Esse amor explica, por exemplo, a felicidade que os cães demonstram no momento em que o tutor volta para casa após o trabalho, um passeio ou uma viagem.

“As atividades cerebrais pesquisadas durante esses momentos são muito semelhantes às que nós sentimos quando reencontramos alguém que amamos”, explica o veterinário.

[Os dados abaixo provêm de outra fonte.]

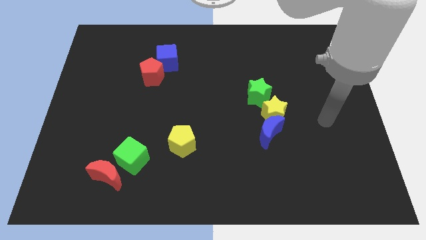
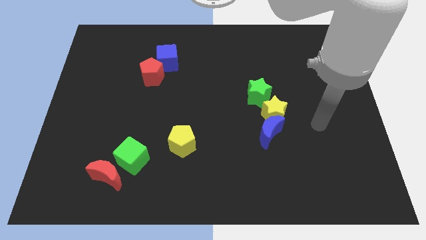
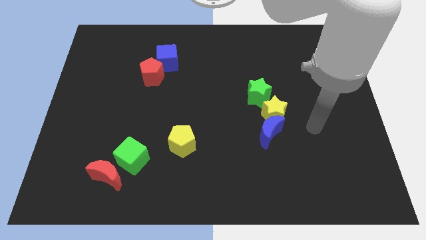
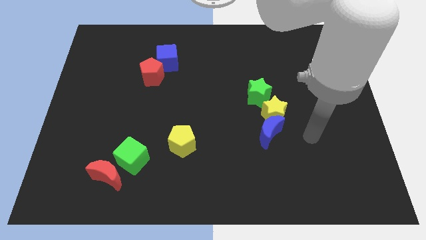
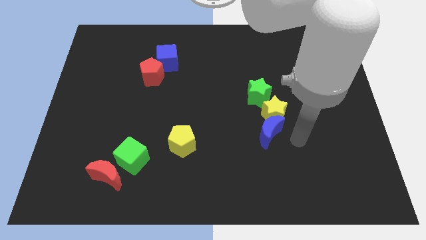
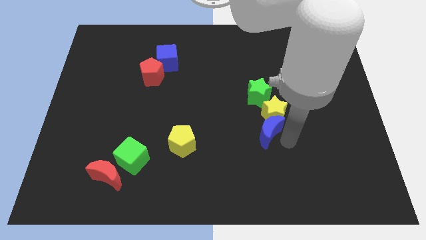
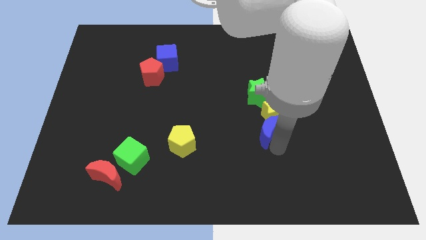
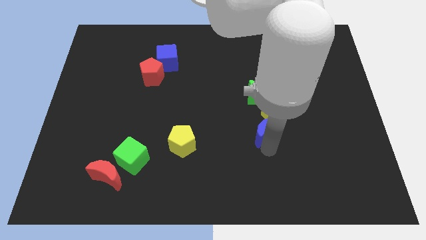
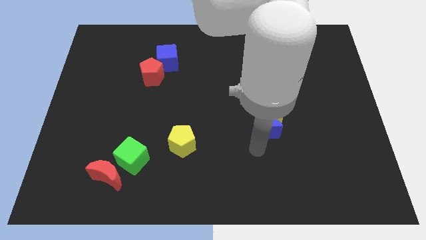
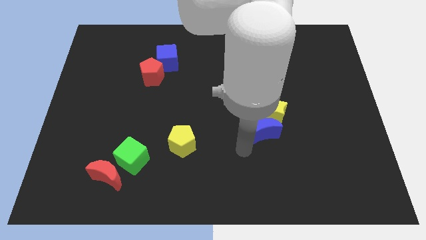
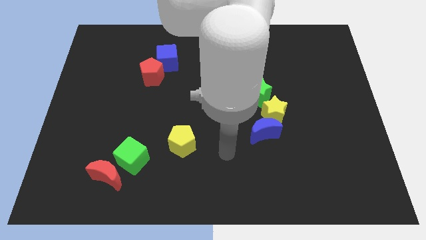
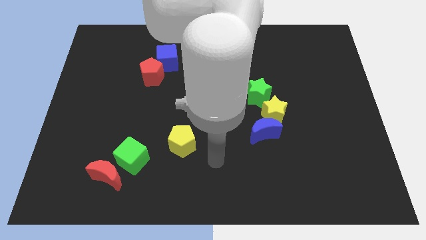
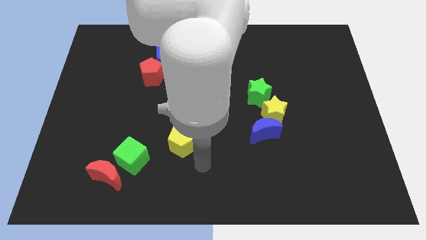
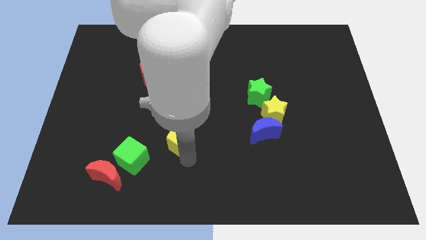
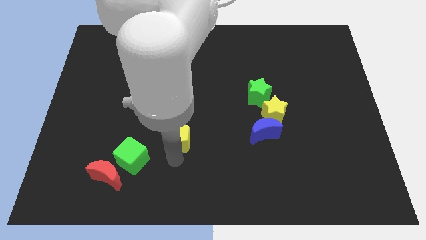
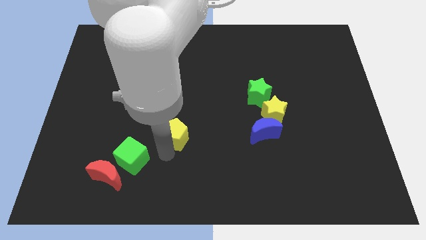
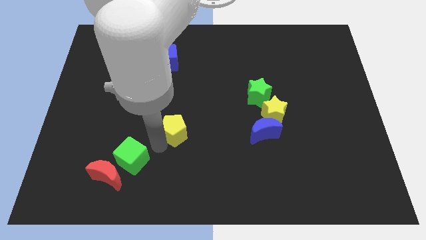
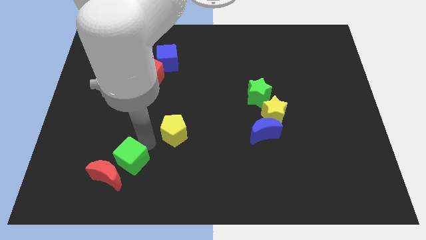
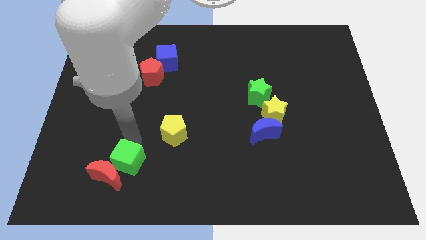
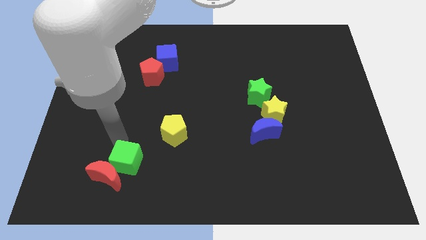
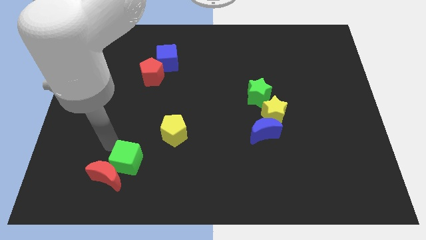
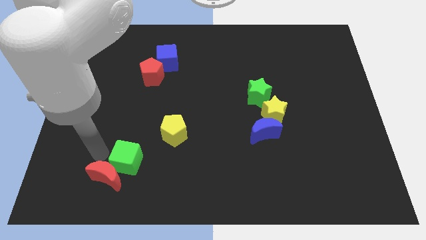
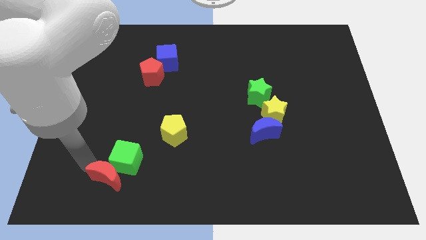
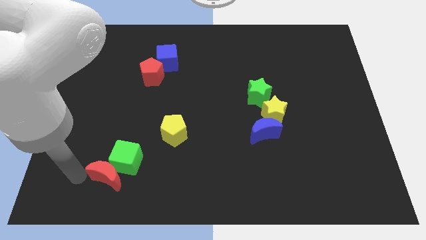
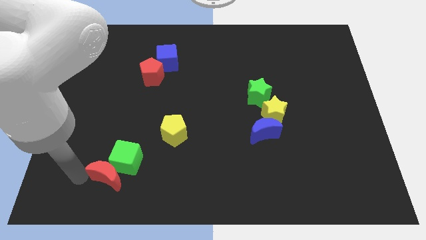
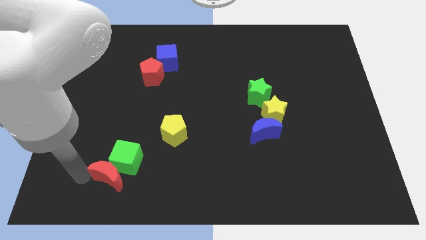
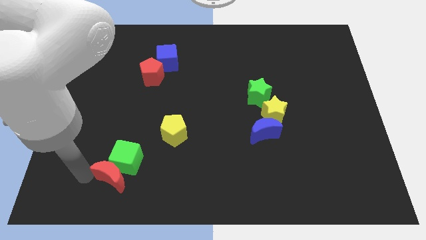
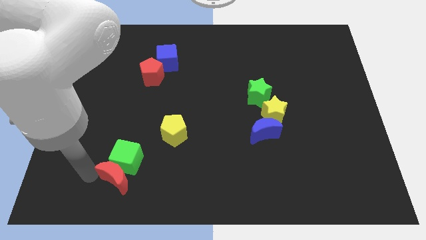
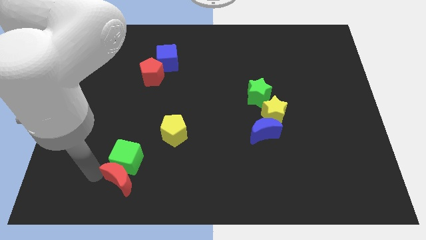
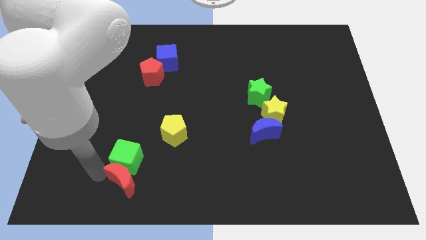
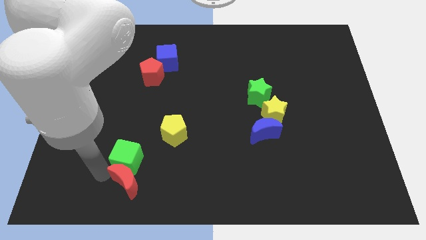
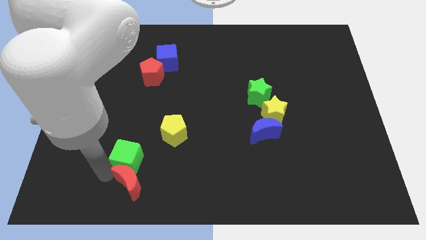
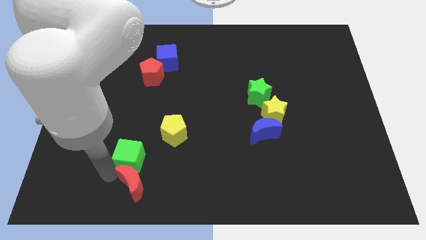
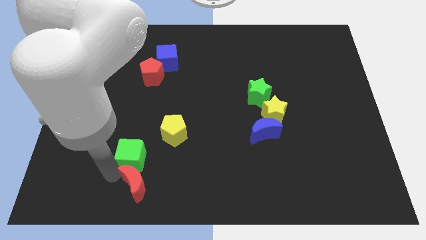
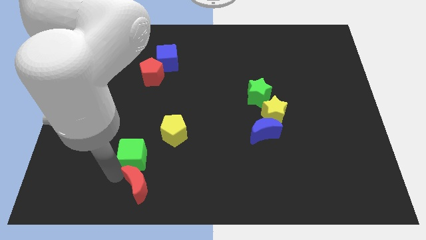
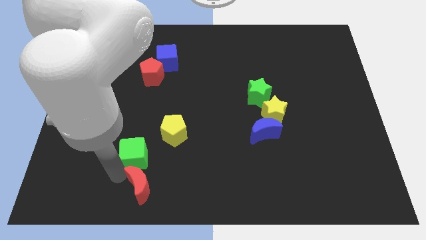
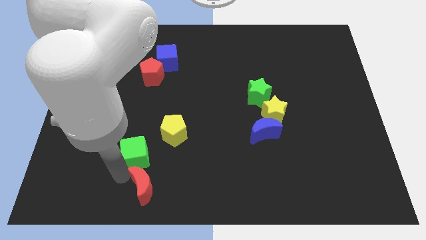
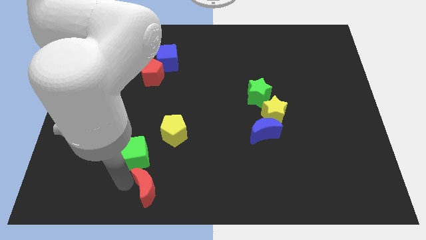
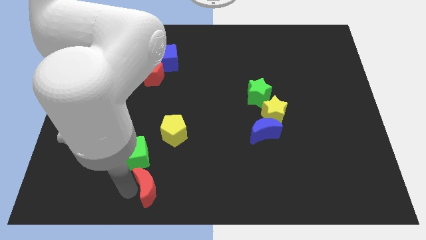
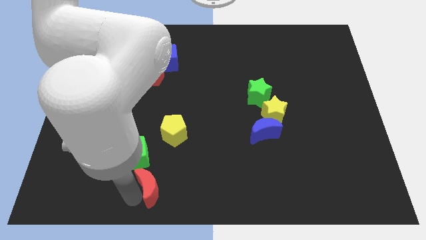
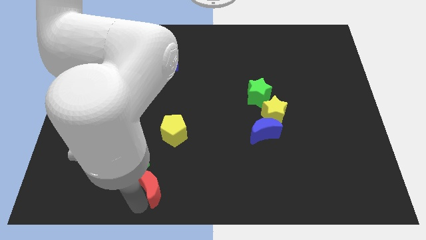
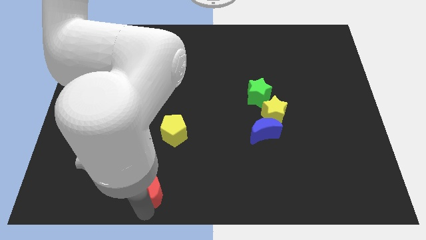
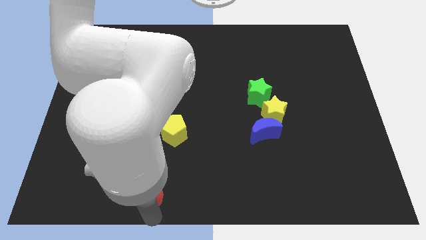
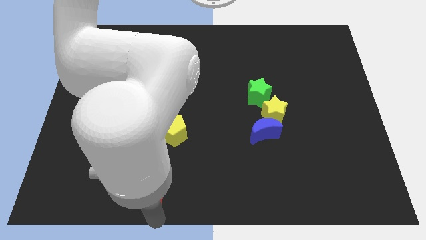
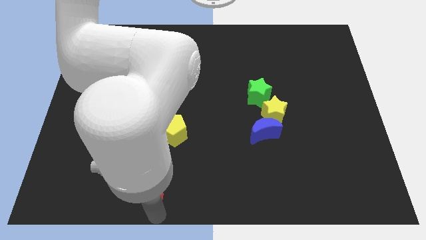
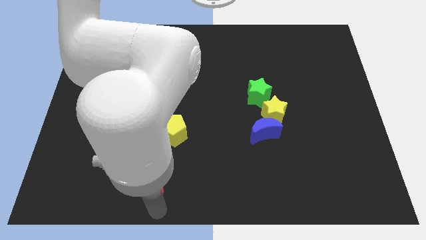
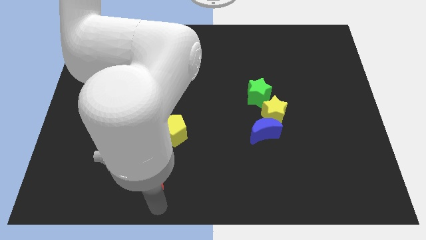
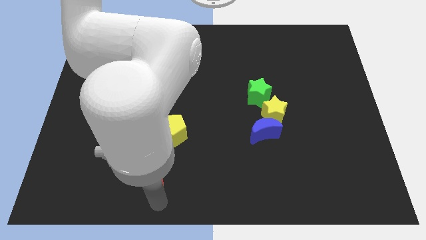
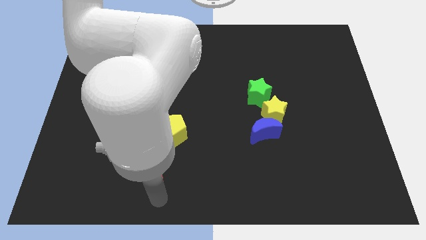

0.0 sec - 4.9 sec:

A interação dos cães com os tutores é, inclusive, bastante semelhante a de bebês humanos com seus pais. “Isso explica porque o cachorrinho corre para o colo do tutor quando se assusta ou quando está com medo”, completa o especialista.

A relação de amor entre tutor e animal é criada nos primeiros meses de vida do cachorro ou logo após a chegada dele ao novo lar. Além disso, os primeiros seis meses de vida do cão é bastante importante para seu desenvolvimento, já que o cérebro do filhote é receptivo o bastante para que as ações ocorridas nesse período influenciem as próximas fases de sua vida. Por isso que, por exemplo, filhotes criados por homens tendem a se sentir mais confortáveis na presença masculina e vice-versa.

“Para toda regra sempre há exceções, claro, mas estamos falando do que geralmente acontece com a maioria dos cães. Por isso, é tão importante que os tutores interajam com seus animais, passeando, brincando e se divertindo com eles”, aconselha.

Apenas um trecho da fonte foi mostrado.